If $G$ is a group, the automorphism group $\Aut(G)$ of $G$ is the set of isomorphisms $G\to G$, with group operation given by composition of functions.

If $G=\Zn{n}$ then $\Aut(G)$ is $(\Zn{n})^{*}$, the multiplicative group of elements mod $n$ that are relatively prime to $n$.

If $G=\Zn{n}^{k}$, then $\Aut(G)$ is $\GL_{n}(\Zn{n})$, the group of $n\times n$ matrices with entries in $\Zn{n}$ that are invertible (meaning their determinant is relatively prime to $n$).

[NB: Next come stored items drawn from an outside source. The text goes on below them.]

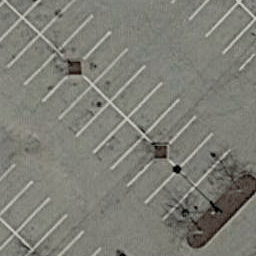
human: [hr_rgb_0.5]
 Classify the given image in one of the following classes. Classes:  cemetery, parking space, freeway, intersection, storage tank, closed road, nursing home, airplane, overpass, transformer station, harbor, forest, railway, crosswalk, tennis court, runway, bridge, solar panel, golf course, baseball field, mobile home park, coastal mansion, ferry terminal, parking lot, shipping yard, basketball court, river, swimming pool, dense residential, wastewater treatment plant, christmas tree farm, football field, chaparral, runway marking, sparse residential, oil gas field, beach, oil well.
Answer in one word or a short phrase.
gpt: parking space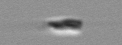
Label: flagellate_morphotype3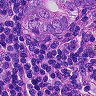
Metastatic tissue present: yes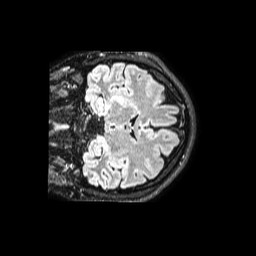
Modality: FLAIR
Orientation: coronal
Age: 22
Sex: male
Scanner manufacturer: philips
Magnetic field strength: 1.5 T
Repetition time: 4.8 s
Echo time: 0.316 s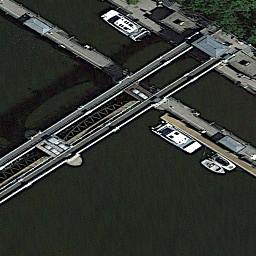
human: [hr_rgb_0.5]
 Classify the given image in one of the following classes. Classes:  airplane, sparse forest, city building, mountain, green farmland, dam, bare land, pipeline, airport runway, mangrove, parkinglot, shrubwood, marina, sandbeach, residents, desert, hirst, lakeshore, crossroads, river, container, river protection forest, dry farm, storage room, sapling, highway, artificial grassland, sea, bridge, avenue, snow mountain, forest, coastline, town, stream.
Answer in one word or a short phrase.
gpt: dam

For $g\in G$, conjugation by $g$ is an automorphism of $G$. This gives a homomorphism $G\to \Aut(G)$. THe kernel of this map is the center of $G$. The image is called the group of inner automorphisms. The inner automorphisms form a normal subgroup of the automorphism group.

A group $G$ acts on a normal subgroup $H$ by conjugation. The centralizer of $H$ is the kernel of the action. Therefore $G/C_{G}(H)$ is a subgroup of $\Aut(H)$. And $G/Z(G)$ is a subgroup of $\Aut(G)$.

Definition: A subgroup $H$ of $G$ is called characteristic if it is fixed by every automorphism of $G$, not just the inner ones.

Weird fact: Every automorphism of $S_{n}$ is inner, except $S_{6}$ has an outer automorphism.